__Extracted material__.
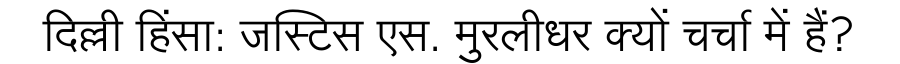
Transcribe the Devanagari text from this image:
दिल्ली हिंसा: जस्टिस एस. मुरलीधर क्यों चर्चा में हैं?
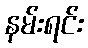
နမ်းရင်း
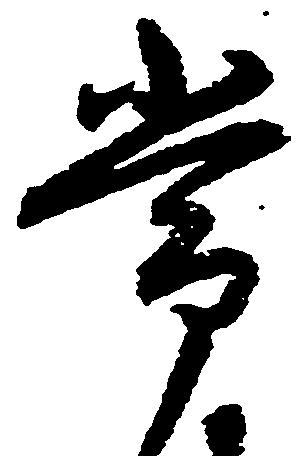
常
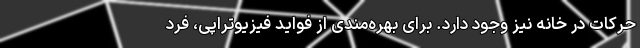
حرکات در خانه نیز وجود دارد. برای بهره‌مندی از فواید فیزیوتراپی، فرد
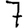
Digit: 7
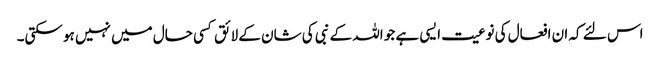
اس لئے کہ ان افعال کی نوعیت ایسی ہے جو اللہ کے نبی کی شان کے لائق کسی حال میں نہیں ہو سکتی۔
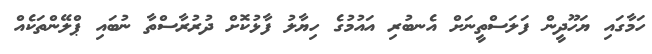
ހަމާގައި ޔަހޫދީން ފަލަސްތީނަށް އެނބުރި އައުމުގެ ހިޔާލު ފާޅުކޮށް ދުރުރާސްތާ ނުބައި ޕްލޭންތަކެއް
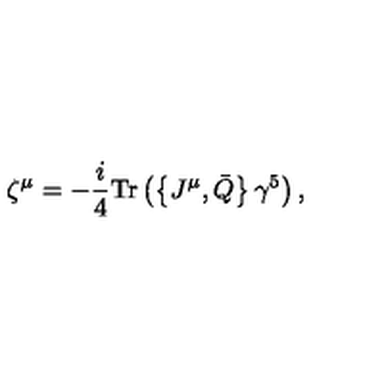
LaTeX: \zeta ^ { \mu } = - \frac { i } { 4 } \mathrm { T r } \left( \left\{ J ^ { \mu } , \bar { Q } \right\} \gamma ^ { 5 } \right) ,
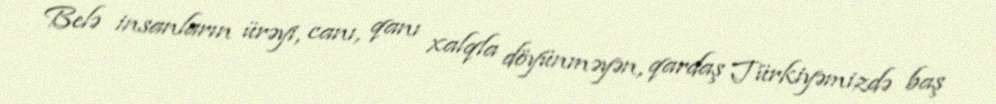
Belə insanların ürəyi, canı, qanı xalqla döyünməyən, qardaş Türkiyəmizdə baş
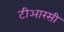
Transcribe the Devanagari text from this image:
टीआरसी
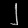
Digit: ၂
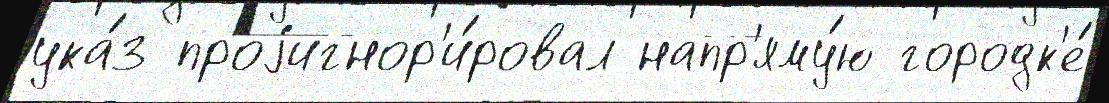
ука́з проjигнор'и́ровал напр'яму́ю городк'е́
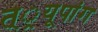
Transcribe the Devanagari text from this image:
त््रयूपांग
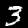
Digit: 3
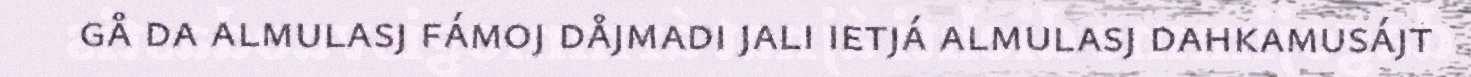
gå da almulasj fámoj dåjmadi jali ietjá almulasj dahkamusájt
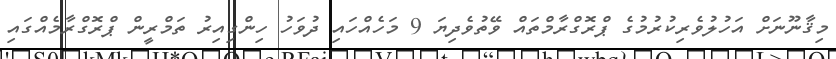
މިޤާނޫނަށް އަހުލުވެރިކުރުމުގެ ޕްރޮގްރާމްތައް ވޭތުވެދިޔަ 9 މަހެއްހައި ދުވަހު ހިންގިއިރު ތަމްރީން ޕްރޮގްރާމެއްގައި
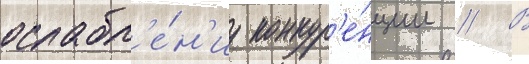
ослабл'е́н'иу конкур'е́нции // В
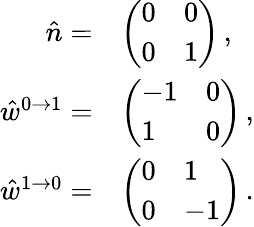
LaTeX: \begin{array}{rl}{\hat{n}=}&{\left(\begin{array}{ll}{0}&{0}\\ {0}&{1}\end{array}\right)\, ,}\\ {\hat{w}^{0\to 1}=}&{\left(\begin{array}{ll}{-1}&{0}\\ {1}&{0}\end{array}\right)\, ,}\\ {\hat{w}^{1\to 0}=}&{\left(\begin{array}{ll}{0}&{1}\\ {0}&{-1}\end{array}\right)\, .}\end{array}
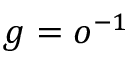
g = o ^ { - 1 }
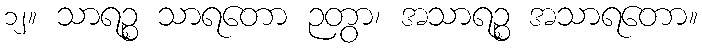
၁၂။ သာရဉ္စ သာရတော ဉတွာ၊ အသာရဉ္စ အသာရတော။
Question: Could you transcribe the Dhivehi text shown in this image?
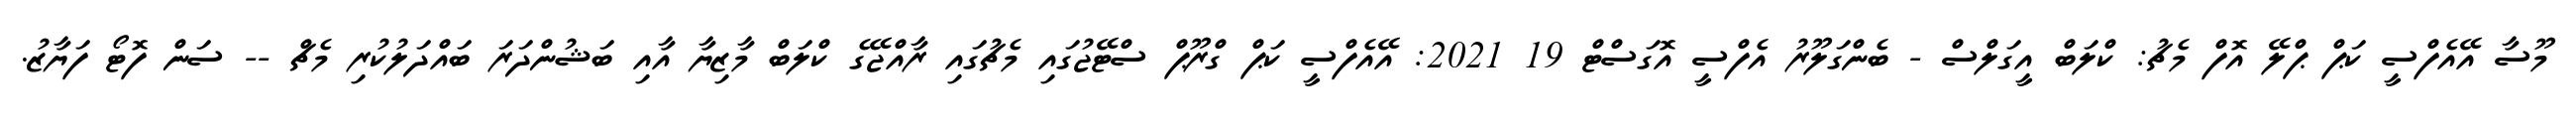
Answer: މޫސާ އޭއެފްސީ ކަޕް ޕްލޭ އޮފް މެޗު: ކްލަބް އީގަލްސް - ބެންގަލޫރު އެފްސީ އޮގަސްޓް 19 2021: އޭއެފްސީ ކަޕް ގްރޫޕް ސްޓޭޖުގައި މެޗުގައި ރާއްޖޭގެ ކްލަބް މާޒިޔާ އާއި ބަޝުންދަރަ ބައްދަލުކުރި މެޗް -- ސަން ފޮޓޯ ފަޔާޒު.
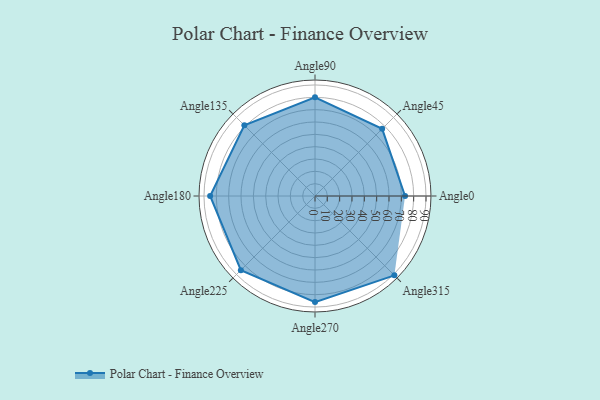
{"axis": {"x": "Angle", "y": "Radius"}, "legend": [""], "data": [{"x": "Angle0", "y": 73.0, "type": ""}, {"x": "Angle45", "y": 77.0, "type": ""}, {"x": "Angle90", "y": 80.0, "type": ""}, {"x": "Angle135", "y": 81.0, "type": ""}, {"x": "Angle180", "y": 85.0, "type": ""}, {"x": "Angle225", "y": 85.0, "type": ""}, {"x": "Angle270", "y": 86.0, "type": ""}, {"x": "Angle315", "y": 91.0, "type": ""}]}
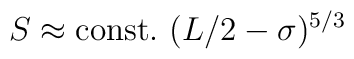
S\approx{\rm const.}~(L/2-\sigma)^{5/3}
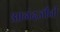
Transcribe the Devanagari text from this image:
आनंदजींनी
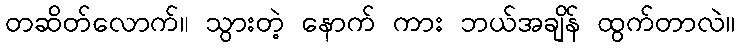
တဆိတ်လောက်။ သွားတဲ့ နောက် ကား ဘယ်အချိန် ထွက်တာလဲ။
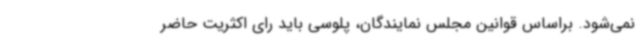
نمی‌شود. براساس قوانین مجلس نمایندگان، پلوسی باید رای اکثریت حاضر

==

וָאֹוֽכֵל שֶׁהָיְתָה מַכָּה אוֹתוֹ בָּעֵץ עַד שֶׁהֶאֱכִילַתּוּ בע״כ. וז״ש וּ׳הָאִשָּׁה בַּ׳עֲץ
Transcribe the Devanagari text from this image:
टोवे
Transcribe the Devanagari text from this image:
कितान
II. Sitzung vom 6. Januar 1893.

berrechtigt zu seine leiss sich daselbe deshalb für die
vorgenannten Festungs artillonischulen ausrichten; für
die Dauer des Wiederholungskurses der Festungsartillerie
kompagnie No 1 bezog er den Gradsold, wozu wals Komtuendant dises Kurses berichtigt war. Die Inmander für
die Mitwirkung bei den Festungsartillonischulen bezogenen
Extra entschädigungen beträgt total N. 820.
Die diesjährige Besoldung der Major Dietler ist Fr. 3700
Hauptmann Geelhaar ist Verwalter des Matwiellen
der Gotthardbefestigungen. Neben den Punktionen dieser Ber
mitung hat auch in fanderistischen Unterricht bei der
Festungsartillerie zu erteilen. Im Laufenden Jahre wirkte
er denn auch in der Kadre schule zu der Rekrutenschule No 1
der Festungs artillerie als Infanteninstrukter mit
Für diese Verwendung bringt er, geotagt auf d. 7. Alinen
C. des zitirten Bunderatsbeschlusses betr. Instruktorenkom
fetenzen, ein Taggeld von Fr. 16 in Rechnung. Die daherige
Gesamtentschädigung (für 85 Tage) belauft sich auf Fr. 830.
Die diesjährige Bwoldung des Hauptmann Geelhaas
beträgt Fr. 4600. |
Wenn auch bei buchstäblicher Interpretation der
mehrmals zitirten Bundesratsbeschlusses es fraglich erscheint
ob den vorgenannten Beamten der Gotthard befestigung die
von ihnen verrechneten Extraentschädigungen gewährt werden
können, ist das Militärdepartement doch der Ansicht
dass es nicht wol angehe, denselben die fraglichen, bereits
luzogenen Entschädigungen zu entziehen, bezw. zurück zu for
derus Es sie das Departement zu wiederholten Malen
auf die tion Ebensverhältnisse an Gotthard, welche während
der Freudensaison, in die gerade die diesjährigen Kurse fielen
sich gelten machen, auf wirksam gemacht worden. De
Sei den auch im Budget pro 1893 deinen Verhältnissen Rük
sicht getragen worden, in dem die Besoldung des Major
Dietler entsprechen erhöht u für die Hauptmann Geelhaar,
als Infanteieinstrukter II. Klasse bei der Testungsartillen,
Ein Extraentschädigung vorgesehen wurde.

---

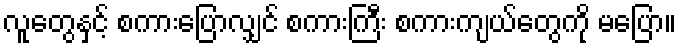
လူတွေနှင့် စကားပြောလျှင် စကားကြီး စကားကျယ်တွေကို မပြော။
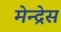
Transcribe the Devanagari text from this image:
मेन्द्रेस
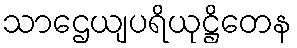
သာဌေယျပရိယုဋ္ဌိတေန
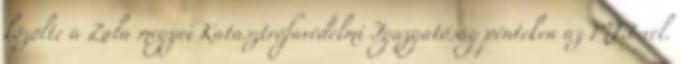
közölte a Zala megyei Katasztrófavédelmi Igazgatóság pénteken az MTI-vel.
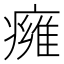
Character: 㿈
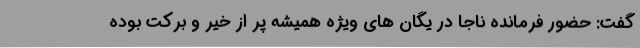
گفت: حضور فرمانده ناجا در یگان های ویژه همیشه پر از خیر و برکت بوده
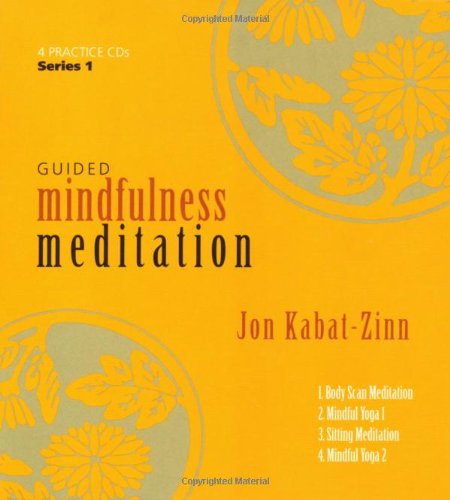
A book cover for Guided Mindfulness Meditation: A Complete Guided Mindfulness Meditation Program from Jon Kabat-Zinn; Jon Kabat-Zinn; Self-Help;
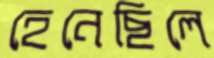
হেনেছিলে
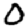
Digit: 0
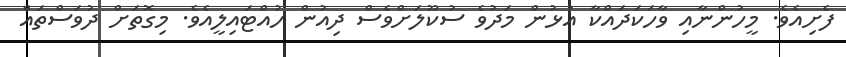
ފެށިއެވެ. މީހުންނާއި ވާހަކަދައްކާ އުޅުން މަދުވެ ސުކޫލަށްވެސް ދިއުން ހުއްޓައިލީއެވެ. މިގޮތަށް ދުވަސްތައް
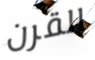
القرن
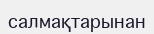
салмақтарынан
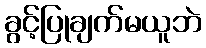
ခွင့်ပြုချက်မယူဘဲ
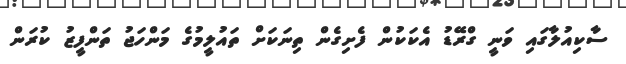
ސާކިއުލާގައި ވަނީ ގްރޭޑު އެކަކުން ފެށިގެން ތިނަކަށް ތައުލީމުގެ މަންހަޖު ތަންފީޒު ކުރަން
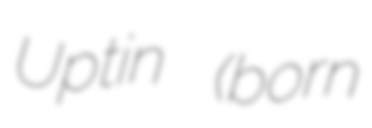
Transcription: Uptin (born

__Assigned task__.
Although pictures appear among the records above, none are to be output; print exactly the lines from the line containing "LaTeX: \zeta ^" through the line containing "Question: Could you".

__Response area__.
LaTeX: \zeta ^ { \mu } = - \frac { i } { 4 } \mathrm { T r } \left( \left\{ J ^ { \mu } , \bar { Q } \right\} \gamma ^ { 5 } \right) ,
Belə insanların ürəyi, canı, qanı xalqla döyünməyən, qardaş Türkiyəmizdə baş
Transcribe the Devanagari text from this image:
टीआरसी
Digit: ၂
ука́з проjигнор'и́ровал напр'яму́ю городк'е́
Transcribe the Devanagari text from this image:
त््रयूपांग
Digit: 3
gå da almulasj fámoj dåjmadi jali ietjá almulasj dahkamusájt
މިޤާނޫނަށް އަހުލުވެރިކުރުމުގެ ޕްރޮގްރާމްތައް ވޭތުވެދިޔަ 9 މަހެއްހައި ދުވަހު ހިންގިއިރު ތަމްރީން ޕްރޮގްރާމެއްގައި
ослабл'е́н'иу конкур'е́нции // В
LaTeX: \begin{array}{rl}{\hat{n}=}&{\left(\begin{array}{ll}{0}&{0}\\ {0}&{1}\end{array}\right)\, ,}\\ {\hat{w}^{0\to 1}=}&{\left(\begin{array}{ll}{-1}&{0}\\ {1}&{0}\end{array}\right)\, ,}\\ {\hat{w}^{1\to 0}=}&{\left(\begin{array}{ll}{0}&{1}\\ {0}&{-1}\end{array}\right)\, .}\end{array}
g = o ^ { - 1 }
၁၂။ သာရဉ္စ သာရတော ဉတွာ၊ အသာရဉ္စ အသာရတော။
Question: Could you transcribe the Dhivehi text shown in this image?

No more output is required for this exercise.